The CISC-RISC hybrids (Pentium and Athlon) are all out designs that really should be compared to Alpha 21264's and Power4's (where performance is designed in without respect to other costs) and the CISC designs fall short compared to those RISC designs. Compare the Pentium for Portable designs to the PowerPCs and they fall flat on their face and aren't in the same league.
Adding complexity (to get the same performance) isn't the design goals of RISC, and it certainly doesn't have the same design philosophy. In fact the old CISC half of Pentiums is just wasted space (power, heat, cost, complexity, time) which prevents the RISC part from being a really good design. If Intel threw away the CISC preprocessor, and went to real RISC, they could achieve more performance in less area, with less power consumption, less cost to manufacture, and less heat produced. That chip could be called RISC. Intel knows this and that is what they are trying to do this more (but still have the x86 emulator) with their Merced (Itanium) chip. So Intel itself knows the truth, and they are trying to use the latest RISC concepts (and then some, which are evolving into what we should start calling post-RISC) -- but it is still Intels attempt to catch up with (or leap ahead of) the rest of the industry. Eventually Intel might even drop the tumorous growth (x86 emulator) off the Itanium and make it a more efficient design -- but we'll have to wait and see.

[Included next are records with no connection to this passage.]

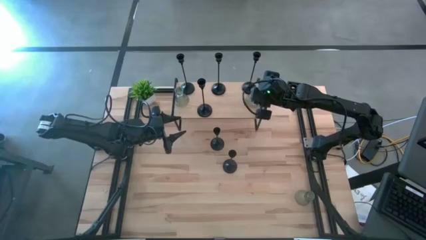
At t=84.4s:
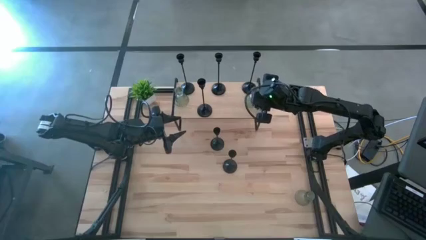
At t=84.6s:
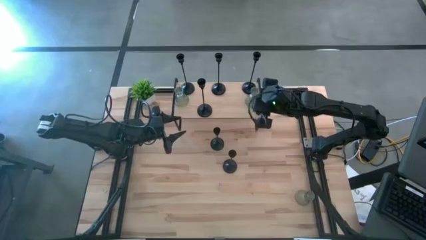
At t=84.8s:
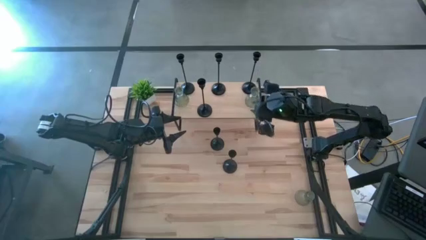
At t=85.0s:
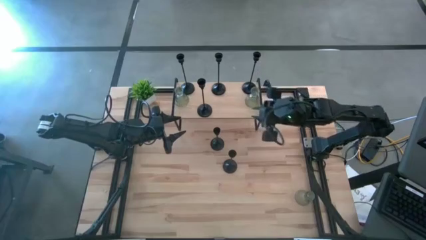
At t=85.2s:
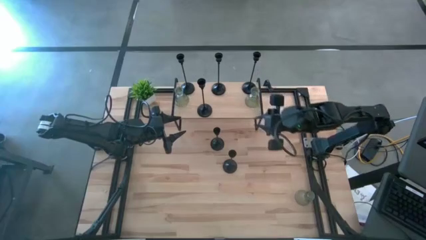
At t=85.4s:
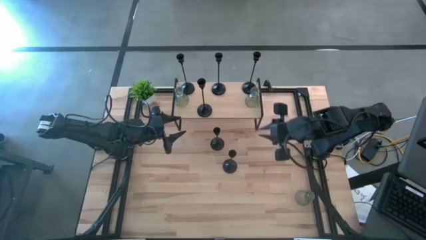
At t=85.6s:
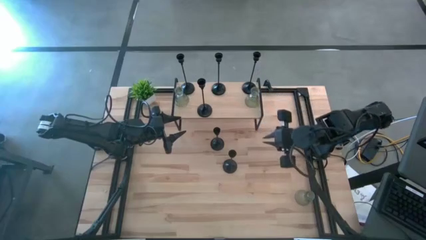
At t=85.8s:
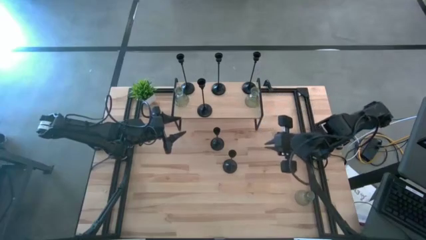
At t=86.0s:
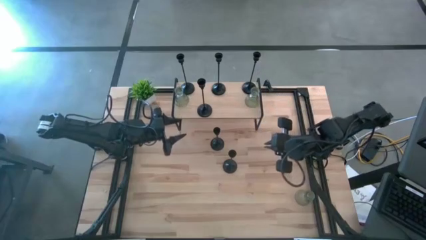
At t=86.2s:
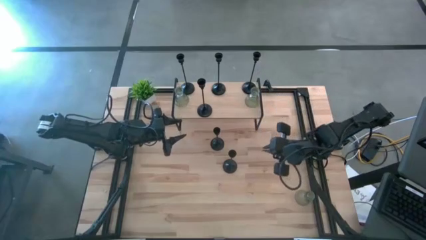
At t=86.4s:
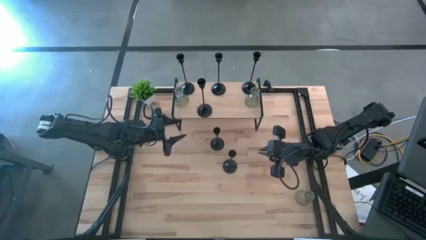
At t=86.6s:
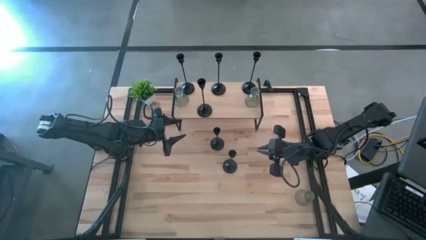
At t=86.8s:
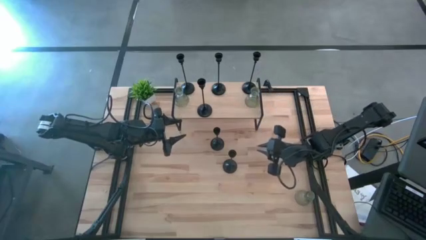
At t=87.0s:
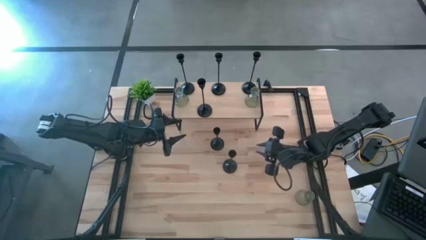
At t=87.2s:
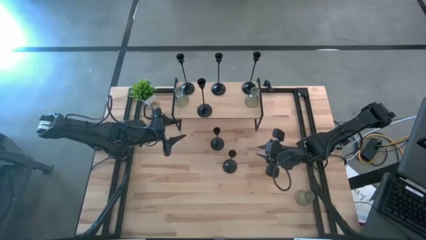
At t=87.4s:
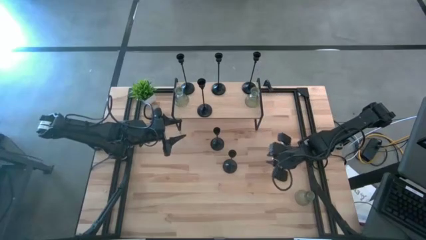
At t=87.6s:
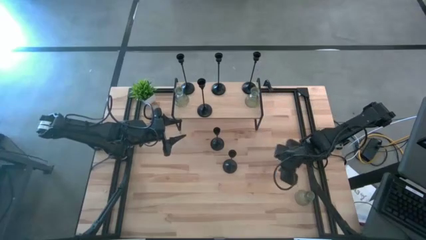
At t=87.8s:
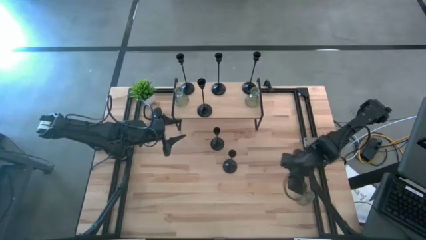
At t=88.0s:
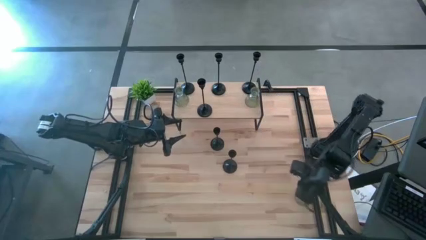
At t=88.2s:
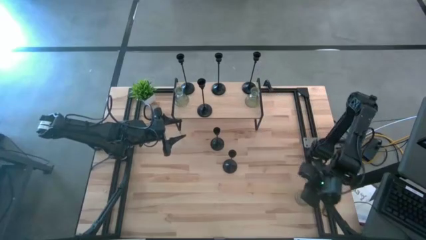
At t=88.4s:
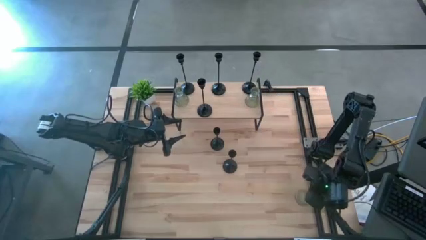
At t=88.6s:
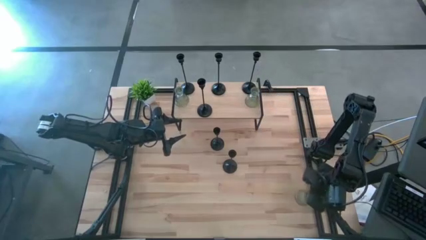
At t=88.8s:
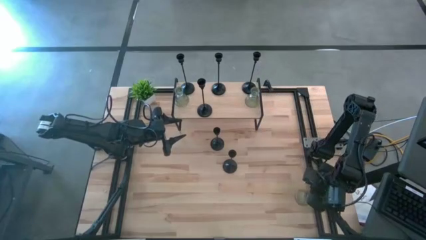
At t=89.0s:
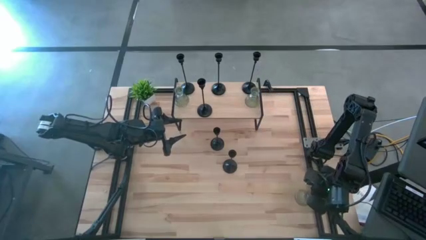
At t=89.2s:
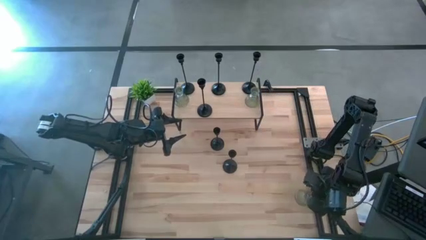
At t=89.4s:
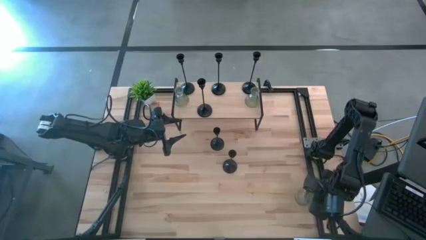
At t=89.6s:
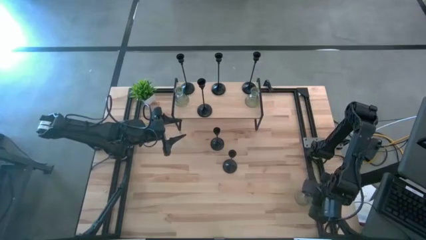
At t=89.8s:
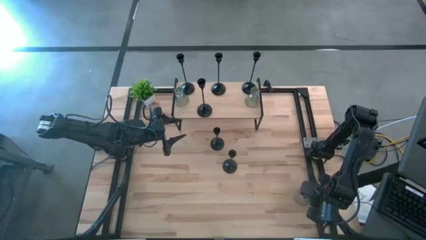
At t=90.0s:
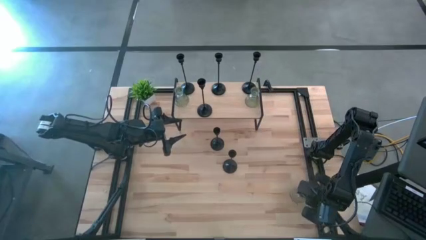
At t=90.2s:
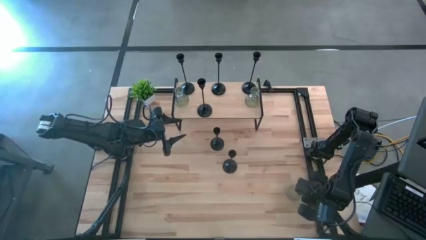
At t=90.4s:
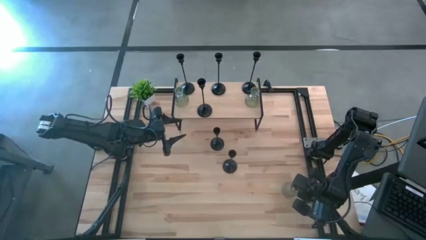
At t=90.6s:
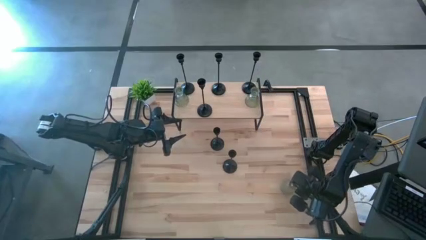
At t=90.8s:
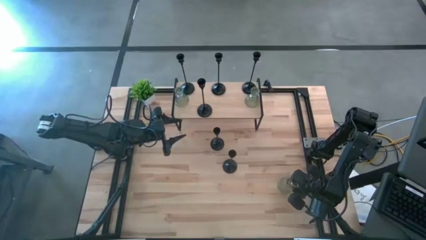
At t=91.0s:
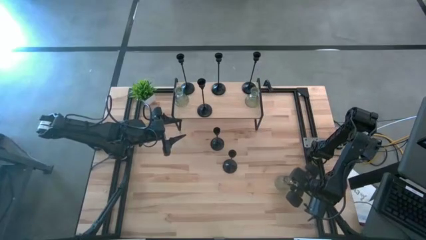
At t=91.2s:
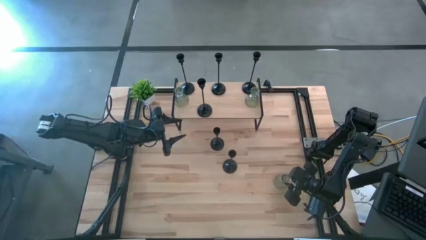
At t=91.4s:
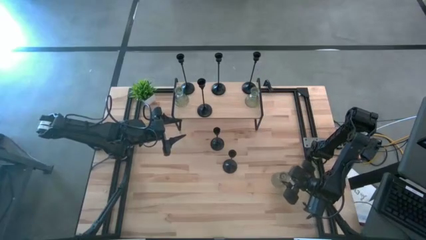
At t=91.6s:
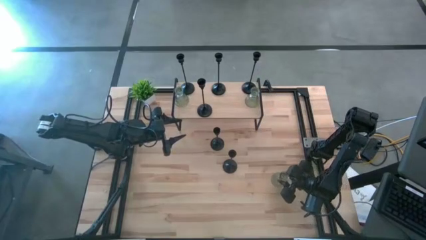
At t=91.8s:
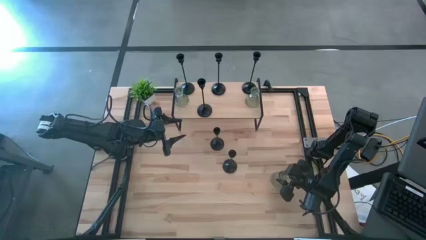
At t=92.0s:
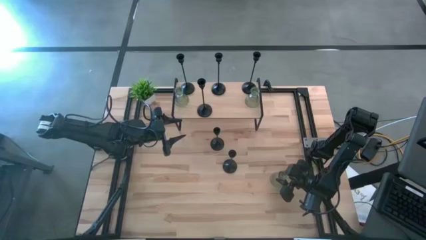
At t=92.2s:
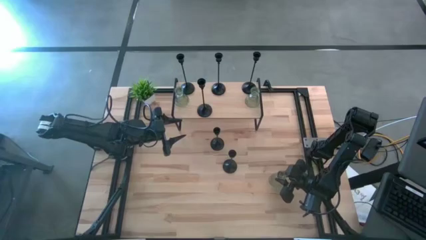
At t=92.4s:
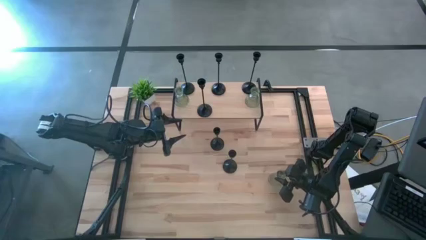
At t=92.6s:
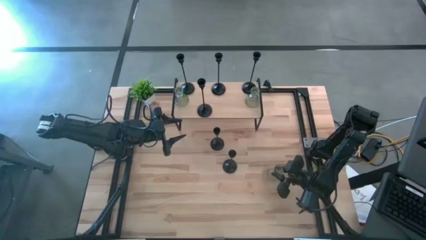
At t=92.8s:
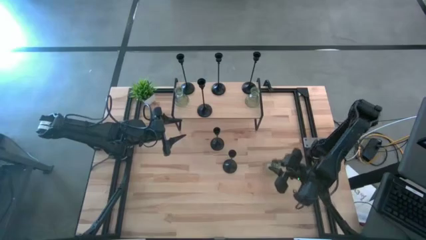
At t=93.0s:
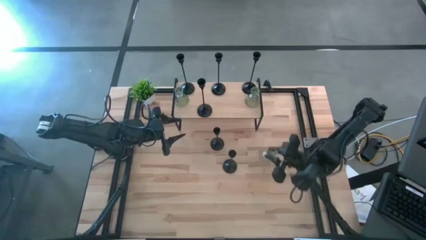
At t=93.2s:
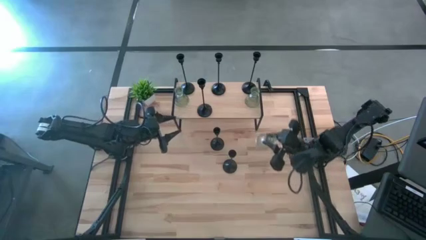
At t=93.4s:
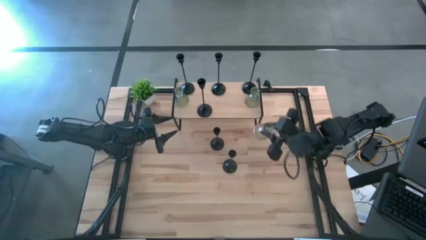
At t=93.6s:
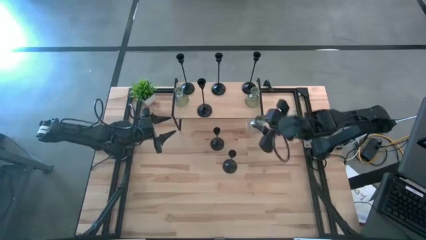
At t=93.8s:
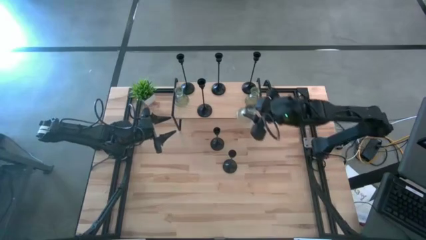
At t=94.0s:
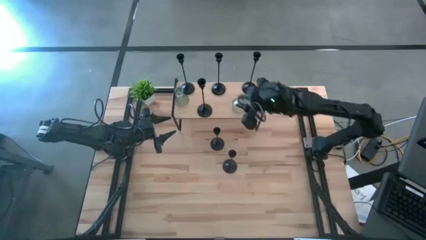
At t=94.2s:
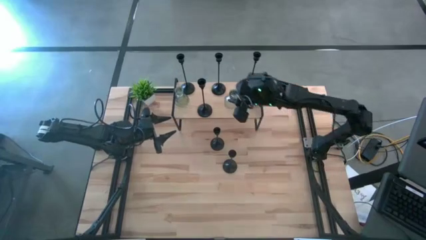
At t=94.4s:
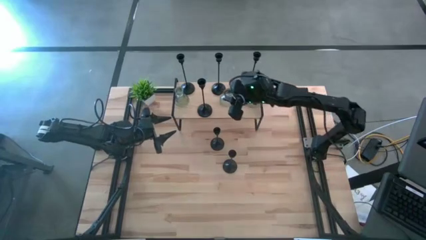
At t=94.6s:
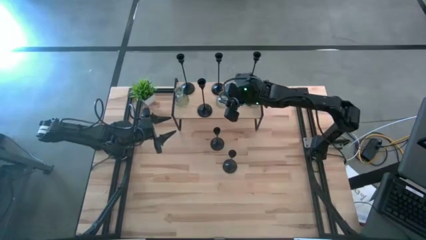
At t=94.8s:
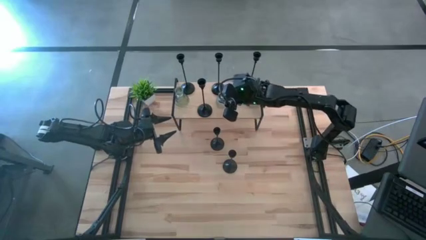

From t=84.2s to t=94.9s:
Task: Pick & Place candle stick holders
Put the green candle holder on the shelf

RISC is about factoring the instructions to save space and complexity and use that savings elsewhere. CISC was about keeping lots of older instructions and just adding more and more in. Breaking down CISC instructions into something smaller is nothing new -- that has been done since the 70's and was called microcode. This was being done before RISC and was part of the inspiration to create RISC in the first place. So now Intel has added a more sophisticated microcode engine that is almost a RISC-engine -- that isn't a revolution, and that isn't the same as RISC. In fact the whole point of going to RISC was to eliminate microcode and certainly not to create more of it.

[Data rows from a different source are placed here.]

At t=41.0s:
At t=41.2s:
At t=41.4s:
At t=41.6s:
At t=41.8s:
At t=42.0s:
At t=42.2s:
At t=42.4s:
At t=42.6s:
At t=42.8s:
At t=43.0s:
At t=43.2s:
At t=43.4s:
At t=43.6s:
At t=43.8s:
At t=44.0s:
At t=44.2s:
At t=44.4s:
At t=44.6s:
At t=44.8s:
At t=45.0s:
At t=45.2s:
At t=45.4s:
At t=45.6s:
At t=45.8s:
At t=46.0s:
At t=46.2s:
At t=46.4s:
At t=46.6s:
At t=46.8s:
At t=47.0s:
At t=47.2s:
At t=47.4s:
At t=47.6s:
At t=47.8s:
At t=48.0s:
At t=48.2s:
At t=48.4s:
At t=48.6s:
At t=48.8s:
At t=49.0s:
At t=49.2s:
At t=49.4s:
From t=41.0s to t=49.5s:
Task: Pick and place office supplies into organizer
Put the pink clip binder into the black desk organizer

RISC is just a design philosophy -- it doesn't cure world hunger, and just the name/philsophy itself doesn't guarantee a good implementation. Why some people are insistant that their processors are RISC, when clearly they are not, is beyond me. So the next time someone tells you the Athlon, Celeron, PentiumPro, PentiumII, or PentiumIII is RISC, you can chuckle knowingly, pat them on the head, and send them on their way -- they obviously just don't understand RISC, and what they are talking about -- or they worse and they do and are trying to misinform or confuse people because of their own insecurities, or the truth is something they just don't want to face.